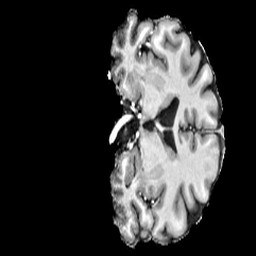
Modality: T1w
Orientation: coronal
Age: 64
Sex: male
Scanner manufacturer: siemens
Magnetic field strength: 6.98 T
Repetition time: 6 s
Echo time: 0.00302 s
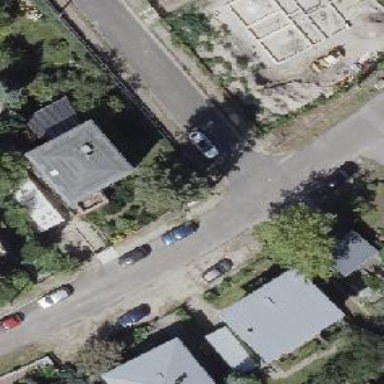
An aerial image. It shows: Residential road with asphalt surface. There are sidewalks on both sides of the road.
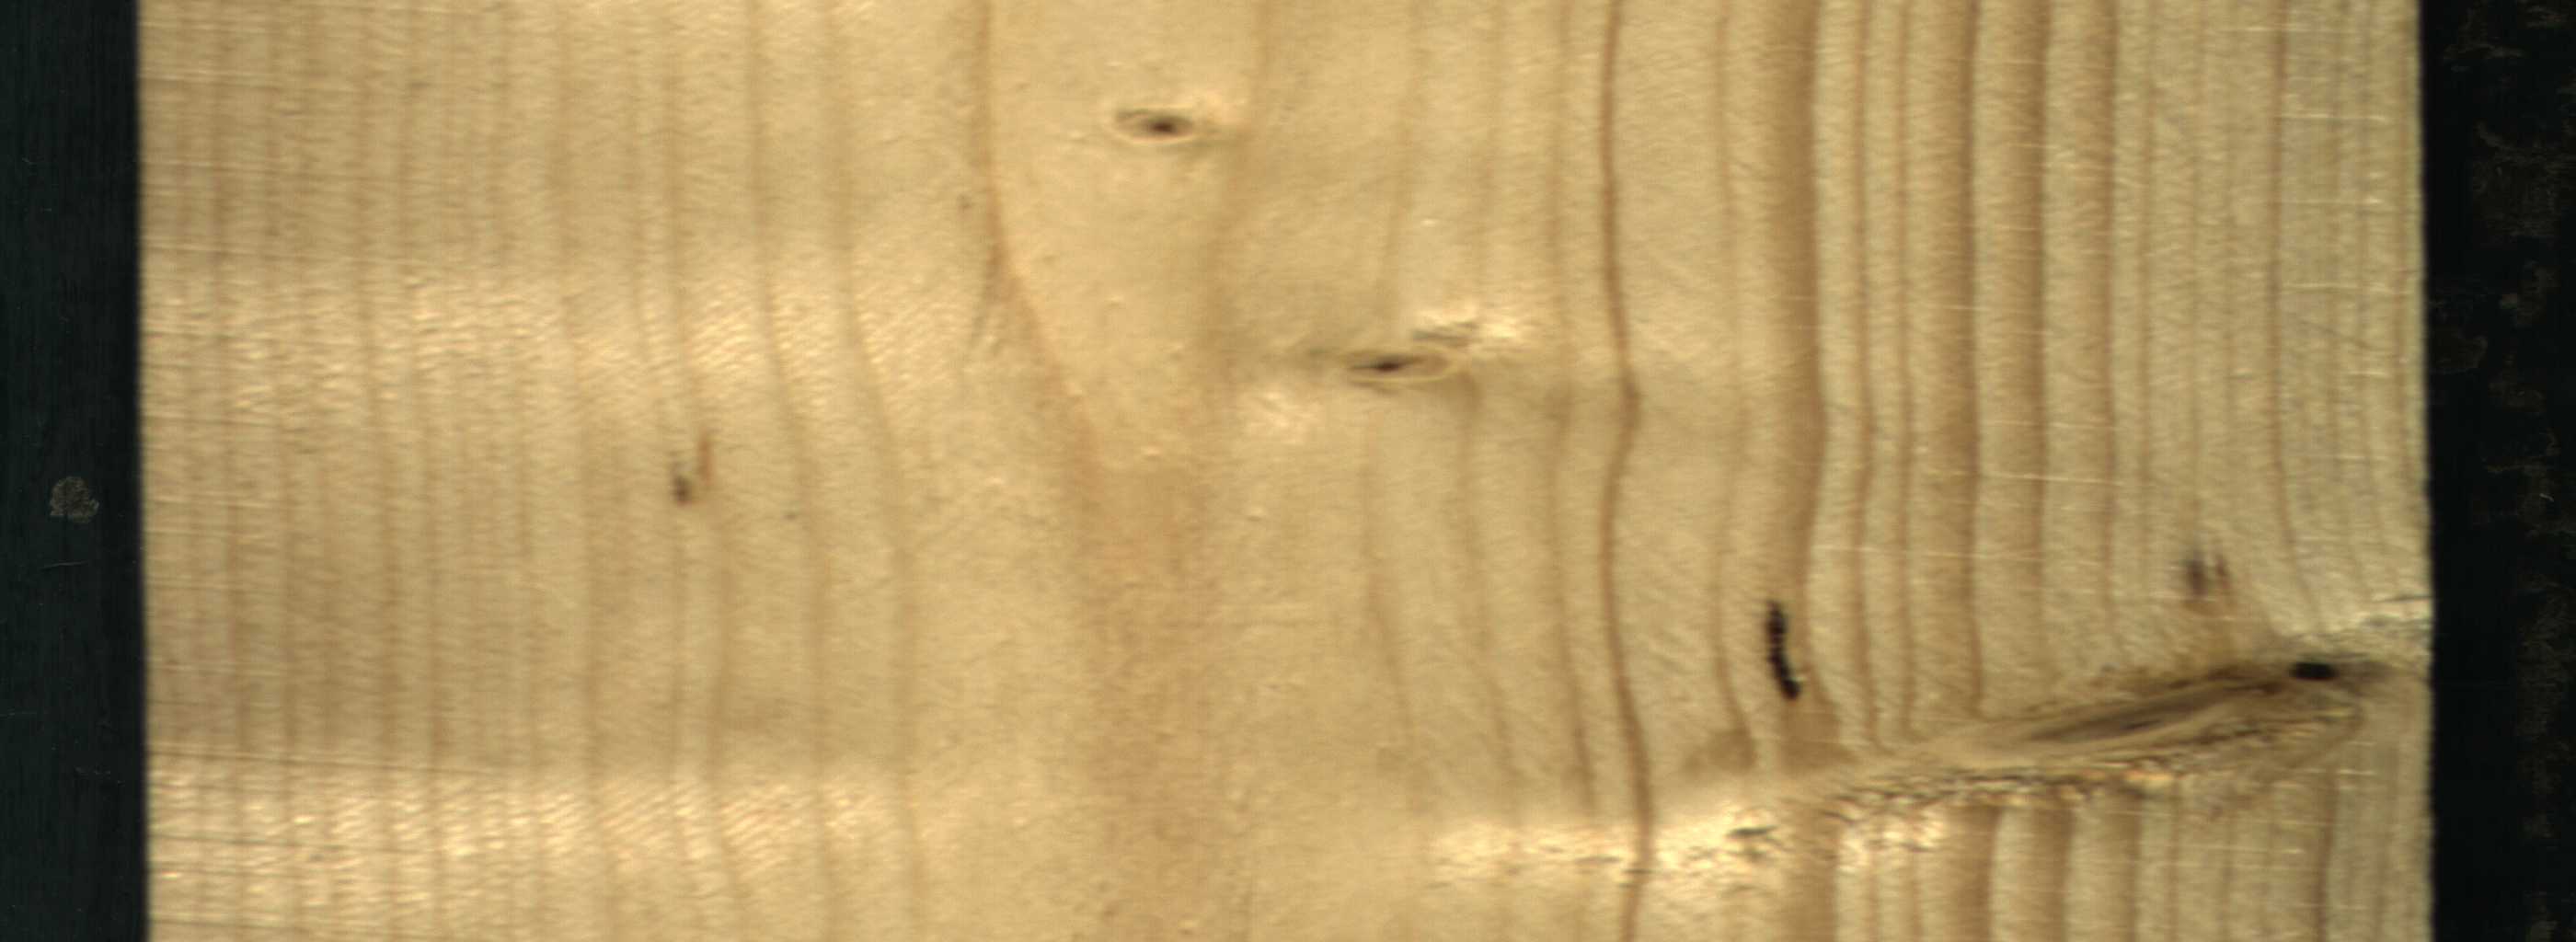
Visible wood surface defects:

****************************************

■ Exercise instructions: What is needed is an exact copy of all the records, minus any pictures.

■ Answer box:
Modality: T1w
Orientation: coronal
Age: 64
Sex: male
Scanner manufacturer: siemens
Magnetic field strength: 6.98 T
Repetition time: 6 s
Echo time: 0.00302 s
An aerial image. It shows: Residential road with asphalt surface. There are sidewalks on both sides of the road.
Visible wood surface defects:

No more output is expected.